(Recorded data)

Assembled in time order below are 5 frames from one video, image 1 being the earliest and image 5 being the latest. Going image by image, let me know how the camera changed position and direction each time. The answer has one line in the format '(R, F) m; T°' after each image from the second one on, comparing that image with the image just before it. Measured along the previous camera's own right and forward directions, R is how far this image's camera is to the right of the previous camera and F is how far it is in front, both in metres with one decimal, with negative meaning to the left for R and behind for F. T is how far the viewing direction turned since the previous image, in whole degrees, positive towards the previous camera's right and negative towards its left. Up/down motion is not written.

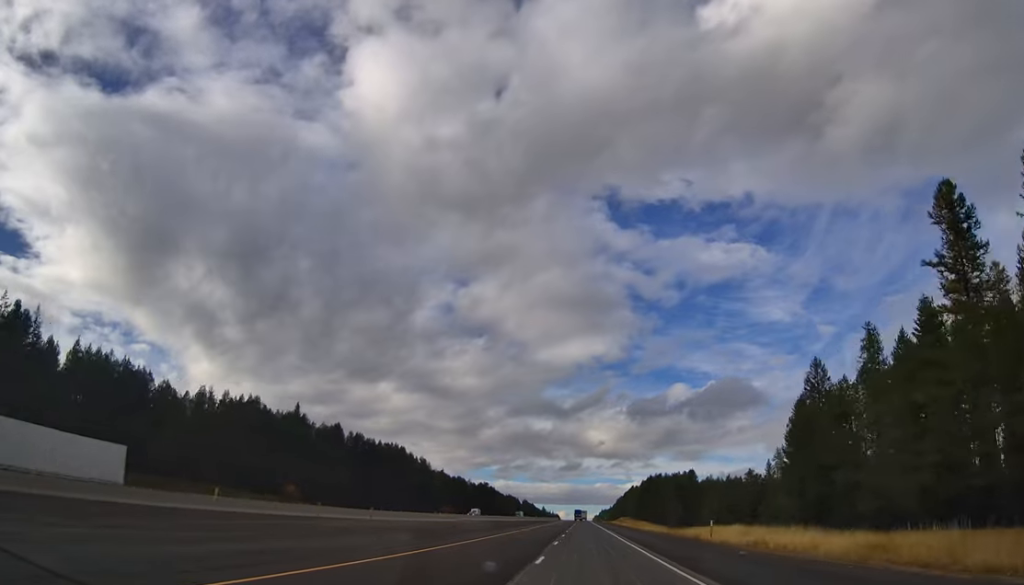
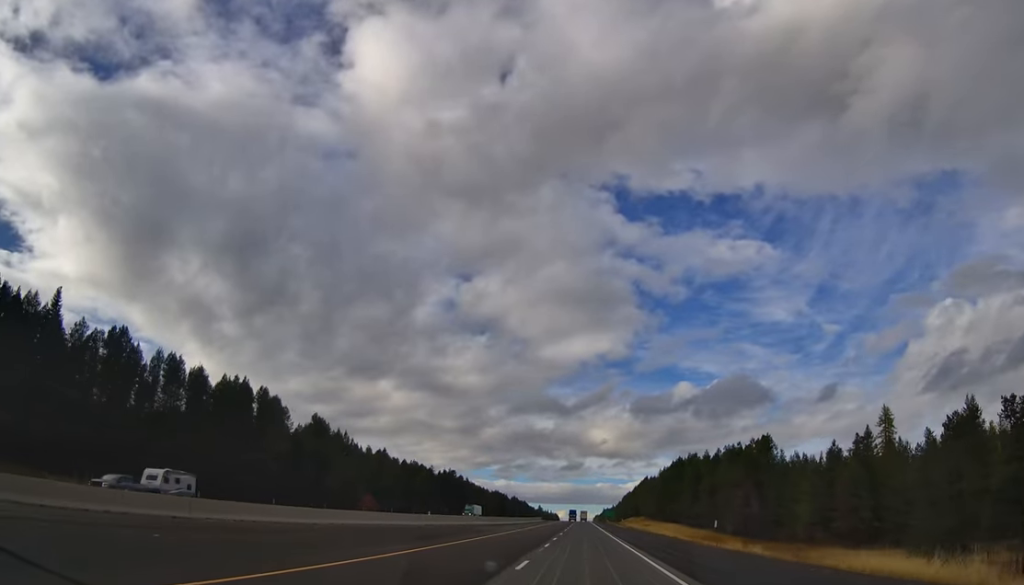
(-2.9, +88.8) m; -1°
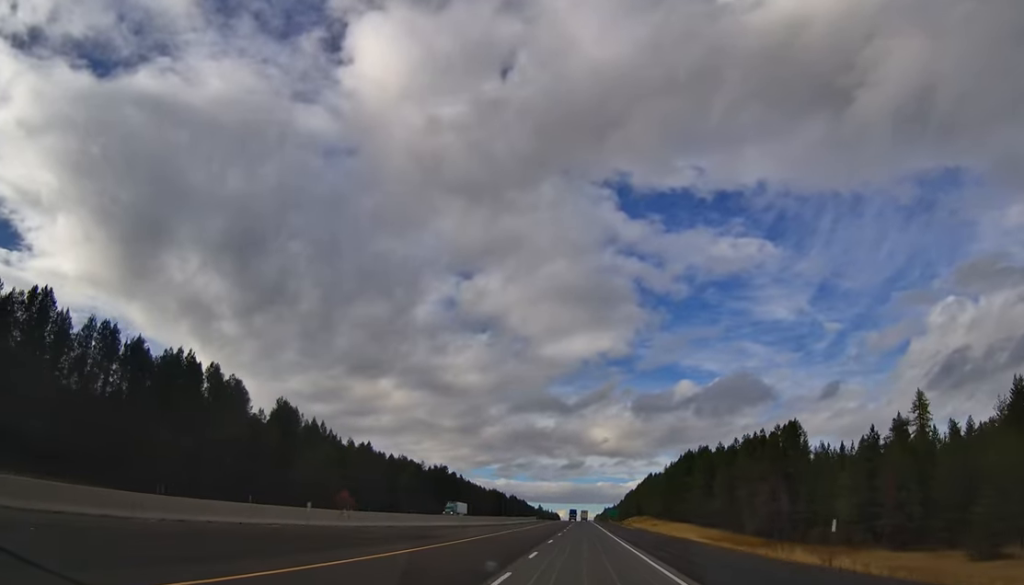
(+0.3, +16.6) m; +1°
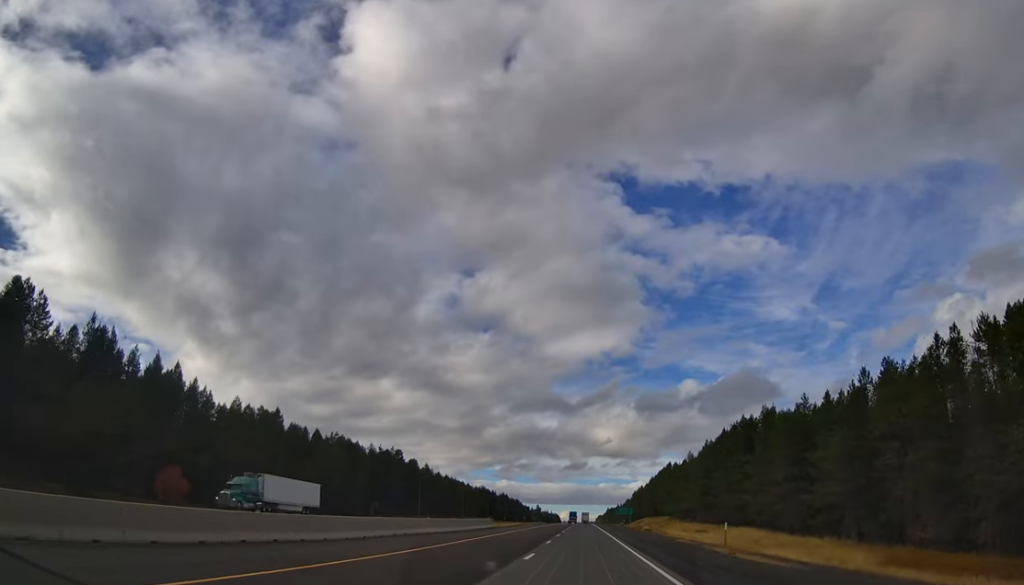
(-0.5, +62.2) m; -1°
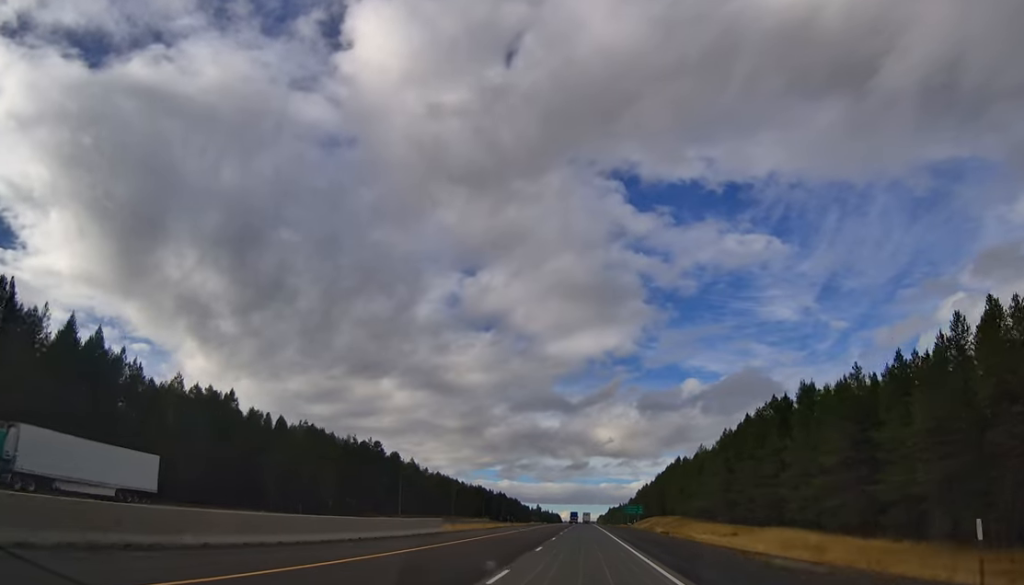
(0.0, +19.7) m; 0°
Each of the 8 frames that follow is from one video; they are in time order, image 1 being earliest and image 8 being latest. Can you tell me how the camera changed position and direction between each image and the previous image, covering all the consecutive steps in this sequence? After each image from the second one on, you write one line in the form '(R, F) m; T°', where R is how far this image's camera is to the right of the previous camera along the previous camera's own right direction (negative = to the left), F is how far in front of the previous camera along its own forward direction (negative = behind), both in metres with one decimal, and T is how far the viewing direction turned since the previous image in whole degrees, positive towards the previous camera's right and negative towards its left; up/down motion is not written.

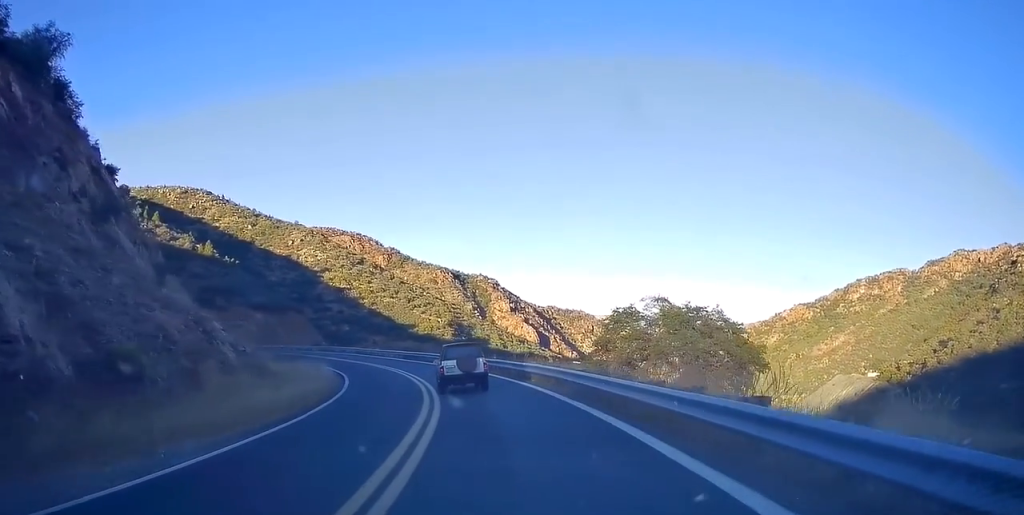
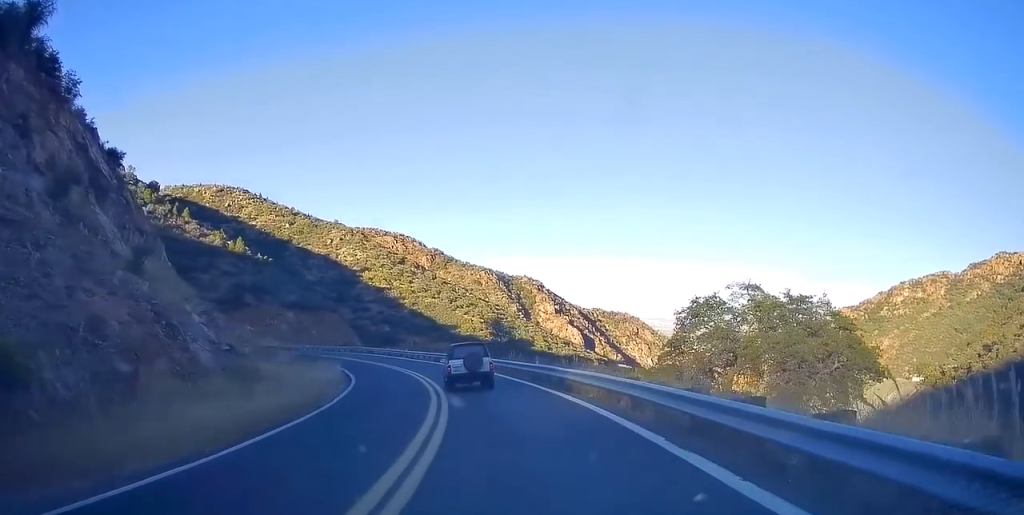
(-0.2, +7.2) m; -4°
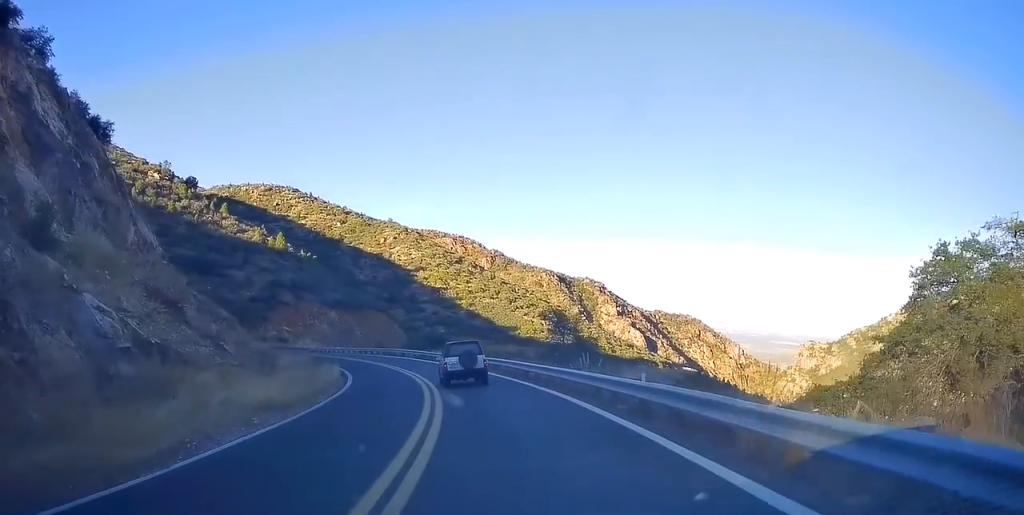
(-0.7, +12.4) m; -8°
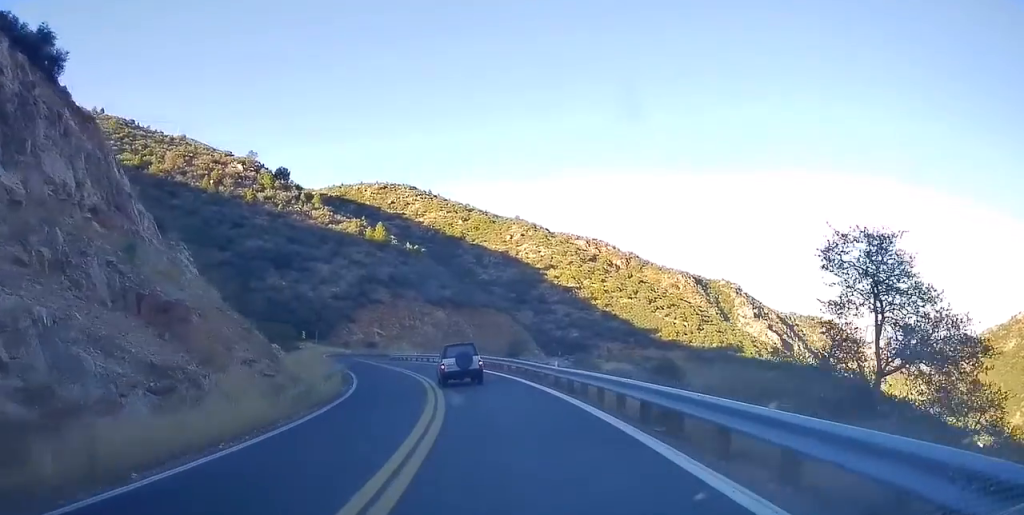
(-3.4, +24.4) m; -11°
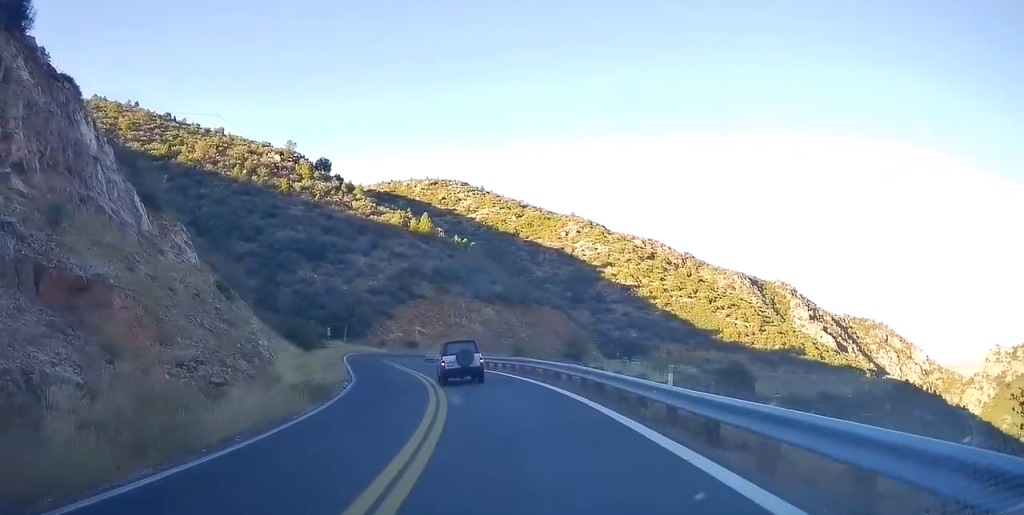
(0.0, +10.6) m; -6°
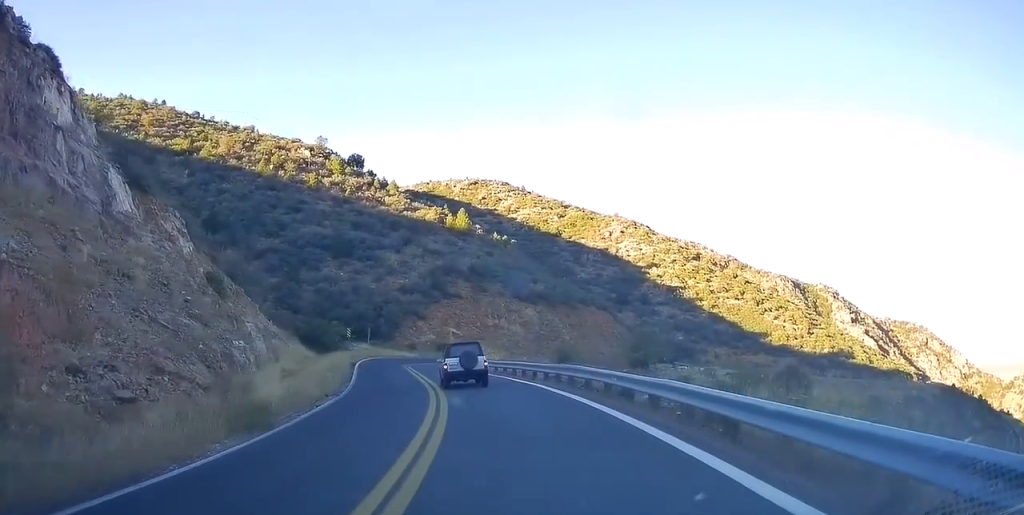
(-0.4, +7.8) m; -5°
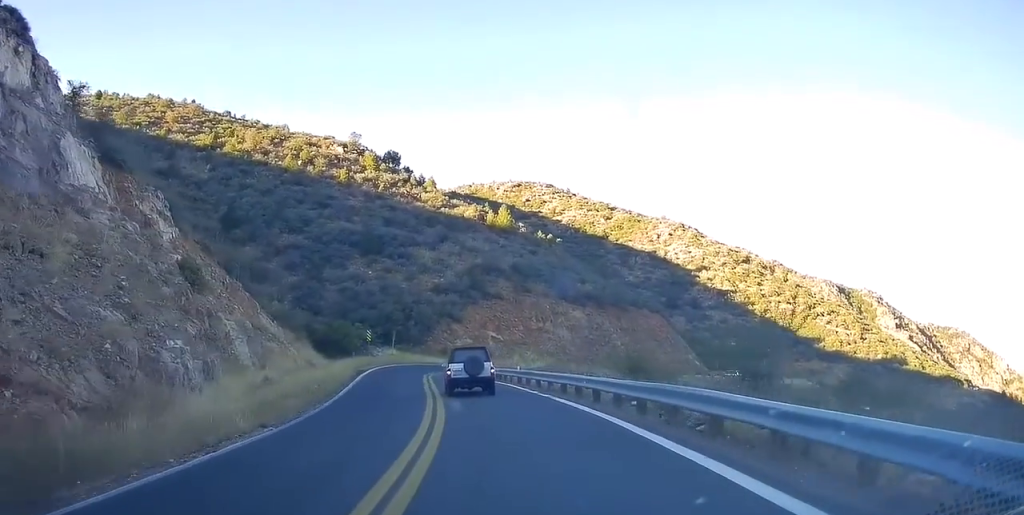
(-0.6, +8.7) m; -6°
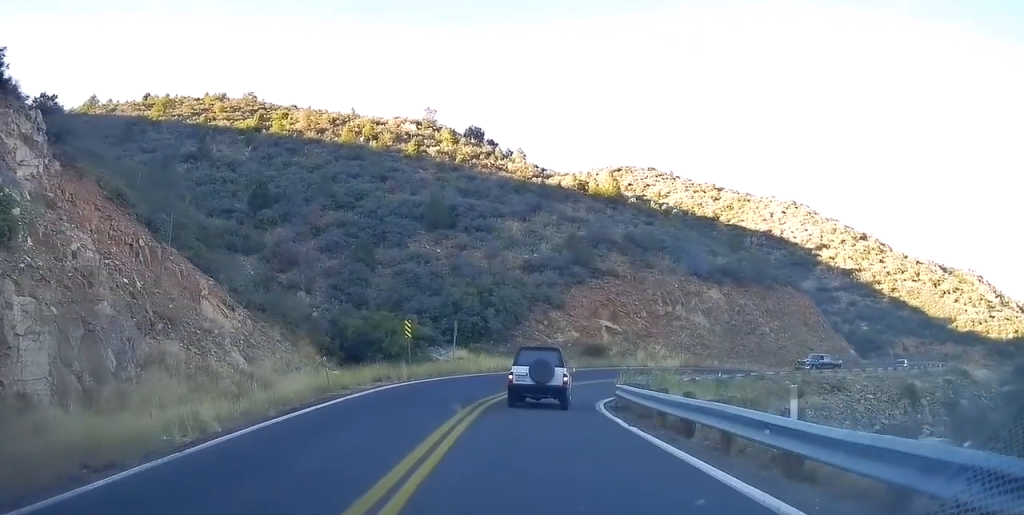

**Task objective:** Please reproduce every record exactly, leaving the pictures out.

**Written solution:**
Assembled in time order below are 5 frames from one video, image 1 being the earliest and image 5 being the latest. Going image by image, let me know how the camera changed position and direction each time. The answer has one line in the format '(R, F) m; T°' after each image from the second one on, comparing that image with the image just before it. Measured along the previous camera's own right and forward directions, R is how far this image's camera is to the right of the previous camera and F is how far it is in front, both in metres with one decimal, with negative meaning to the left for R and behind for F. T is how far the viewing direction turned since the previous image, in whole degrees, positive towards the previous camera's right and negative towards its left. Up/down motion is not written.

(-2.9, +88.8) m; -1°
(+0.3, +16.6) m; +1°
(-0.5, +62.2) m; -1°
(0.0, +19.7) m; 0°
Each of the 8 frames that follow is from one video; they are in time order, image 1 being earliest and image 8 being latest. Can you tell me how the camera changed position and direction between each image and the previous image, covering all the consecutive steps in this sequence? After each image from the second one on, you write one line in the form '(R, F) m; T°', where R is how far this image's camera is to the right of the previous camera along the previous camera's own right direction (negative = to the left), F is how far in front of the previous camera along its own forward direction (negative = behind), both in metres with one decimal, and T is how far the viewing direction turned since the previous image in whole degrees, positive towards the previous camera's right and negative towards its left; up/down motion is not written.

(-0.2, +7.2) m; -4°
(-0.7, +12.4) m; -8°
(-3.4, +24.4) m; -11°
(0.0, +10.6) m; -6°
(-0.4, +7.8) m; -5°
(-0.6, +8.7) m; -6°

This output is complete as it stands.